Александр Бенуа в ответном письме рассказывает о создании сценария балета совсем по-другому:
«…Изобретение поставить „Шехеразаду“ принадлежит Сереже и ему одному. На том же заседании, когда он нам об этом сообщил, Бакст изобразил крайний восторг от идеи, но для реализации ее придумал лишь два мотива: а) чтобы негров засадили в мешки и выбросили их за стену и ров и б) чтобы Шехеразада умилостивила бы султана… Вот вся часть Бакста в сюжете балета „Шехеразада“, ouvre du celebre peintre Bacst[54], как печатается в каждой афише.
Сам Сережа понял, что это не может пройти, и, поглумившись вдоволь над выдумками чудака Левушки, обратился ко мне как к специалисту по либретто. На первых порах я сделал поправку по существу только, то есть указал, что Шехеразада и негры вообще несовместимы, ибо автор 1001 ночи появляется лишь значительно позже… в гареме Шехеразад, но от дальнейшего участия в составлении либретто я отказался, ибо был за несколько дней до того оскорблен тем, что Сережа мне в лицо объявил, что Бакст сочинил выход Клеопатры и вообще всю пикантность этого балета, тогда как они были сочинены мной (ты, разумеется, и этому не поверишь, но это совершенно не меняет факты). Дней пять-шесть я продолжал отказываться, хотя меня сильно подмывало сдаться, ибо музыка очаровала меня, а идиотские предложения Сережи и Бакста меня бесили. Но я крепился, пока Дягилев не приехал ко мне и не имел со мной объяснения. Я ему высказал свою обиду о „Клеопатре“, после чего он мне обещал, что на сей раз этого не повторится. В этот же день (днем) был приглашен пианист, который мне играл „Шехеразаду“ раза три подряд, после чего я ее „увидел“ и тогда рассказал Сереже (Бакста не было). Вечером было собрание с Фокиным, во время которого я канву развил во всех подробностях и тогда же записал на клавире, записал то, что я один сочинил, а не то, что ты со слов этих мерзавцев и лжецов считаешь общим произведением».

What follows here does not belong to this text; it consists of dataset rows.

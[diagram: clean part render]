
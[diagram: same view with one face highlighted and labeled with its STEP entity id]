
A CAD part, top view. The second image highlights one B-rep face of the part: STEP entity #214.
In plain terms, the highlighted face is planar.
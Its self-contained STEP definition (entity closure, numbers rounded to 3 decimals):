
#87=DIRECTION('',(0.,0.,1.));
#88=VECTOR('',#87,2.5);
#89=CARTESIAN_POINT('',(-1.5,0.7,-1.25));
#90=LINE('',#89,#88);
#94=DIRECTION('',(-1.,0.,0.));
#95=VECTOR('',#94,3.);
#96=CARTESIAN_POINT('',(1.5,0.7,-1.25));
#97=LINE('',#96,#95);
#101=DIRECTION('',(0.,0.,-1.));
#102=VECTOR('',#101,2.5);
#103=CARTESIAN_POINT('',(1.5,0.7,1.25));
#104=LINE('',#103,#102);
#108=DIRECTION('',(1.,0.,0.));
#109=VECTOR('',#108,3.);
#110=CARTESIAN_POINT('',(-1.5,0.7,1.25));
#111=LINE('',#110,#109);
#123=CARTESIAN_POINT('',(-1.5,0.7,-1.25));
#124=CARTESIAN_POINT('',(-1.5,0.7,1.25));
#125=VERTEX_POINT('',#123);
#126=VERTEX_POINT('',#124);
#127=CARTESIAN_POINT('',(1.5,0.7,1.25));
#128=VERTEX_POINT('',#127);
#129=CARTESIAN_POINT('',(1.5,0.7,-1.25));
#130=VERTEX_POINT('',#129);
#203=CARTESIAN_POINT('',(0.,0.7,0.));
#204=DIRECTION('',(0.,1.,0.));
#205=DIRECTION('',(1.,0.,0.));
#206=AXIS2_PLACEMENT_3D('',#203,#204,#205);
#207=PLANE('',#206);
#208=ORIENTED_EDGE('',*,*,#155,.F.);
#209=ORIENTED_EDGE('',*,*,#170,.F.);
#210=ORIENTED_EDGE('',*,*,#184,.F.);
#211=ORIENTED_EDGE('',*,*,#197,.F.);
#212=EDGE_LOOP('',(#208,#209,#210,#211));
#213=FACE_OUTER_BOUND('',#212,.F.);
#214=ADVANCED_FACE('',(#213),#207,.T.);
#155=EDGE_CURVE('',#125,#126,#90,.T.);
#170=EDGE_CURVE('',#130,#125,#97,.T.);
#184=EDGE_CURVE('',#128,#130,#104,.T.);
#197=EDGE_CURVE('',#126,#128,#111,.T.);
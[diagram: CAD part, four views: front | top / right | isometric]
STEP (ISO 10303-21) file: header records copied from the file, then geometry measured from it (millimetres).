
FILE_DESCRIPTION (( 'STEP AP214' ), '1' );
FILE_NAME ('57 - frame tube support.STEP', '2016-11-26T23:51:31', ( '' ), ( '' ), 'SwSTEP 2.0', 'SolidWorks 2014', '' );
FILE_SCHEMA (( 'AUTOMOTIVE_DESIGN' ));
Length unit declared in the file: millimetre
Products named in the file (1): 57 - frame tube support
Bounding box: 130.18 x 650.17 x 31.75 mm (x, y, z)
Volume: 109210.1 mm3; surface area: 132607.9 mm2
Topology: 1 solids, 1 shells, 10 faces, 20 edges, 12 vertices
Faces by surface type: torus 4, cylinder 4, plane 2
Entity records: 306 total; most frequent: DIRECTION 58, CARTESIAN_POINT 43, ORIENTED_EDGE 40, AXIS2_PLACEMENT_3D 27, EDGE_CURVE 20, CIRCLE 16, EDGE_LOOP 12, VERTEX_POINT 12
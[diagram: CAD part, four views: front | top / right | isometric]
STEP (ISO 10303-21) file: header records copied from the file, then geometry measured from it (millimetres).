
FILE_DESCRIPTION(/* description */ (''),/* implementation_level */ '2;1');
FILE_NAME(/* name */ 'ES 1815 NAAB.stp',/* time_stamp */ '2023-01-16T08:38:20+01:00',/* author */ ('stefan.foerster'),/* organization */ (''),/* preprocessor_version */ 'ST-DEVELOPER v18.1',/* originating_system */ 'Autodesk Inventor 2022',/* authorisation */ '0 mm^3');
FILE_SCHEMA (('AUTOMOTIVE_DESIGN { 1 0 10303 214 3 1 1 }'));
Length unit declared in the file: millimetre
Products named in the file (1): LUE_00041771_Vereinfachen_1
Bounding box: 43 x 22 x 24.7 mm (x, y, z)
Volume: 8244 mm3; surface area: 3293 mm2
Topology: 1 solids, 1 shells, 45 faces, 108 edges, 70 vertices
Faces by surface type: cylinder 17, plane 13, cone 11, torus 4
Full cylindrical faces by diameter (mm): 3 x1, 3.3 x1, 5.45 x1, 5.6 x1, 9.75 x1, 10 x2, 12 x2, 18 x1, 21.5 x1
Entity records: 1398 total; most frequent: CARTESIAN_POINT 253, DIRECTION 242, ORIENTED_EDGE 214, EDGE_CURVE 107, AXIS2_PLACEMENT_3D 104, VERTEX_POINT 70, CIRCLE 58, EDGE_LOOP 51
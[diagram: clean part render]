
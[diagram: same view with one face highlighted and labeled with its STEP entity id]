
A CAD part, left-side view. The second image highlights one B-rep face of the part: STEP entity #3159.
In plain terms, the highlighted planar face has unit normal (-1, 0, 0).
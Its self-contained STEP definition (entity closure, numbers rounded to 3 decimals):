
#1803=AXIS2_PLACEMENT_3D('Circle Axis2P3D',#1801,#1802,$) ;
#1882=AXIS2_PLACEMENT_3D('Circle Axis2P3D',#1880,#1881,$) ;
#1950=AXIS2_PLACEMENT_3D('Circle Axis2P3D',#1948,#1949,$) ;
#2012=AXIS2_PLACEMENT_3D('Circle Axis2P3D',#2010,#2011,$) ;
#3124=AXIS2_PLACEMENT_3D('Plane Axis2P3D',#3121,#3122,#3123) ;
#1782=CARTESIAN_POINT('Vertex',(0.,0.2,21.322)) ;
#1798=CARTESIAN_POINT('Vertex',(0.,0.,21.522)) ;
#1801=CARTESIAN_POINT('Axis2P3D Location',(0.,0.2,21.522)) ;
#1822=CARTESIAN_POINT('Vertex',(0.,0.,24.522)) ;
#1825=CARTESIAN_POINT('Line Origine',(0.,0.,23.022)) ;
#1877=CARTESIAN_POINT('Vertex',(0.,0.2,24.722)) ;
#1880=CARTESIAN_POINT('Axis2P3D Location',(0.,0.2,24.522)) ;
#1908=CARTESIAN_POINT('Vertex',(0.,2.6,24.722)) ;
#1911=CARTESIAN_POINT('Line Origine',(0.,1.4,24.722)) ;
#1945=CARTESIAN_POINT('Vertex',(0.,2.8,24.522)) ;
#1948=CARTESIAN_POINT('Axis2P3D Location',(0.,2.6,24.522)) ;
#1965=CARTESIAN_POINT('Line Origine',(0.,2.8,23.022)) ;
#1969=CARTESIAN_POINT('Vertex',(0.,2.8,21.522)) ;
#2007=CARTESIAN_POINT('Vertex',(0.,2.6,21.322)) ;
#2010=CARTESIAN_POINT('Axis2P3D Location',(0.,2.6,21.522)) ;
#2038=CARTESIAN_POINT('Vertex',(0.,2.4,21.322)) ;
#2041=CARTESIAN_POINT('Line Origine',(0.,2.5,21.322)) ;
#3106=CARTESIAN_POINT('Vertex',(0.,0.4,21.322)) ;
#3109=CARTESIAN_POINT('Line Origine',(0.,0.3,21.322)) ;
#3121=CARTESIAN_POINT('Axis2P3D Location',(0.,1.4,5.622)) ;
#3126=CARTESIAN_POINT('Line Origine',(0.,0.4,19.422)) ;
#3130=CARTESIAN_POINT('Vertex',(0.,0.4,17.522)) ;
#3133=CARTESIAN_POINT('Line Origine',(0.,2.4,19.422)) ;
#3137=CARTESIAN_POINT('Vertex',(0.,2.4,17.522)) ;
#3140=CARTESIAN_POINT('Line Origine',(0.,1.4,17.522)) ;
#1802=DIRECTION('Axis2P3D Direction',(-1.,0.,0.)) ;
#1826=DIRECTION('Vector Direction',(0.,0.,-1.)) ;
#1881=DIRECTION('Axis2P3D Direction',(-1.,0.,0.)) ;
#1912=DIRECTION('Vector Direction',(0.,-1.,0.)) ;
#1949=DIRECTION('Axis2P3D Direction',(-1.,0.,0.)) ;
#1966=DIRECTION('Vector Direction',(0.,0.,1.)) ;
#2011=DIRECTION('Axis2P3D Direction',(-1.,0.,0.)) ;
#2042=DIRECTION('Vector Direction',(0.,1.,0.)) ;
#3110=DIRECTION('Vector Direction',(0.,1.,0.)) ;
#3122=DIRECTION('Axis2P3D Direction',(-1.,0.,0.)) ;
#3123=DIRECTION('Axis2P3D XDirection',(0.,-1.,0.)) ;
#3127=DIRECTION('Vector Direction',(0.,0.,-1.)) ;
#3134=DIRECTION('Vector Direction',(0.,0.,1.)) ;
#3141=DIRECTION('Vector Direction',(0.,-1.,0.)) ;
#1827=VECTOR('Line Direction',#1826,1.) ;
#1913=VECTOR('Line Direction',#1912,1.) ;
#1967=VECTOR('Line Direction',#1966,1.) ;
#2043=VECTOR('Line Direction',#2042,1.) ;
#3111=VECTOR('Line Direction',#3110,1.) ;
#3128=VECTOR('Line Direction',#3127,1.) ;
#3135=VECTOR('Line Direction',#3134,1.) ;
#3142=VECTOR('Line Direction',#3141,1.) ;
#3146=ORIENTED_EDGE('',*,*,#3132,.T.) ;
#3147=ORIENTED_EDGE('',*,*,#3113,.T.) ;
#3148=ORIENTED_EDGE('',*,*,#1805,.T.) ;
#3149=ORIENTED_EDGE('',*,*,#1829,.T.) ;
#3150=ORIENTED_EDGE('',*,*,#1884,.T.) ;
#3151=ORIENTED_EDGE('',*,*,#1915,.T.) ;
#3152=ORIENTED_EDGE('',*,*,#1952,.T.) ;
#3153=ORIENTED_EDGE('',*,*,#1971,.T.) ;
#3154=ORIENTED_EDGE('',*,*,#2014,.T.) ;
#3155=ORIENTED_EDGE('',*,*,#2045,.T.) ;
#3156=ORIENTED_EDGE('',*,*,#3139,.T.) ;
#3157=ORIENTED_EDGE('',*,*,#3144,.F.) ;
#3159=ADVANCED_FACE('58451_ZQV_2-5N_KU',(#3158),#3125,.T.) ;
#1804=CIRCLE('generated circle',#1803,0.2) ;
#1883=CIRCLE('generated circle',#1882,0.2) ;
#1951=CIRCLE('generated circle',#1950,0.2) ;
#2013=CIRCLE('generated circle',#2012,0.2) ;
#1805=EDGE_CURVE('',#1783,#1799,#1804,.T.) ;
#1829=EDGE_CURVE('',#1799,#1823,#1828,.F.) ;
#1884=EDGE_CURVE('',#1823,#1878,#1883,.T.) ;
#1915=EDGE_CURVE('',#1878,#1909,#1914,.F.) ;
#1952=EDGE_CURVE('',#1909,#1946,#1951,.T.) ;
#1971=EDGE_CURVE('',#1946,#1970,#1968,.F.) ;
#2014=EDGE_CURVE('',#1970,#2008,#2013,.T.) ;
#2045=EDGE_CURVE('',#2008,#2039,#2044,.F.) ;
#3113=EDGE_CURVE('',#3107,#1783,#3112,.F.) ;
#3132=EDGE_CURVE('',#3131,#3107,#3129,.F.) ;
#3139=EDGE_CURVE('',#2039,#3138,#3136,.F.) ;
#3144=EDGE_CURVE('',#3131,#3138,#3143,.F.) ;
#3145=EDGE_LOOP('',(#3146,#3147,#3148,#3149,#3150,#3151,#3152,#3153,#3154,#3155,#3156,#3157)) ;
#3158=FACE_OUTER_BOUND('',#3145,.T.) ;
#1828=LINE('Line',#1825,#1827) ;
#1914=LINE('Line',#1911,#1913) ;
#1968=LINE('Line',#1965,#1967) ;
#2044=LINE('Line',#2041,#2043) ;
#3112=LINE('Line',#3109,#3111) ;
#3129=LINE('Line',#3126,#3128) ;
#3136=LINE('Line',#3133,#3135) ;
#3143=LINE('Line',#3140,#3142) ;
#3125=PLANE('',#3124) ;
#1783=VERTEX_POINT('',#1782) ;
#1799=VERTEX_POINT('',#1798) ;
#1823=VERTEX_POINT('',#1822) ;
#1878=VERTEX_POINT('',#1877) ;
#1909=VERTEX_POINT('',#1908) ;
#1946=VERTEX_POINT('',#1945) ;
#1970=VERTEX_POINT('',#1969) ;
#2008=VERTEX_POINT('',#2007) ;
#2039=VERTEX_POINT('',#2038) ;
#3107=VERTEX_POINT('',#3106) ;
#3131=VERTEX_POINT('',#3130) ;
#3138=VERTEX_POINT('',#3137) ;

Как видим, самолюбию Александра Бенуа был нанесен большой удар. И кем же? Людьми, с которыми он дружил с ранней юности. Ведь «мерзавцы и лжецы» — Дягилев и Бакст. Но самое обидное, что в версию Бенуа, которую он так искренне и отчаянно отстаивал, Валентин Серов, по своей человеческой сути чуждый интригам и обману, не поверил. После этого художники поссорились.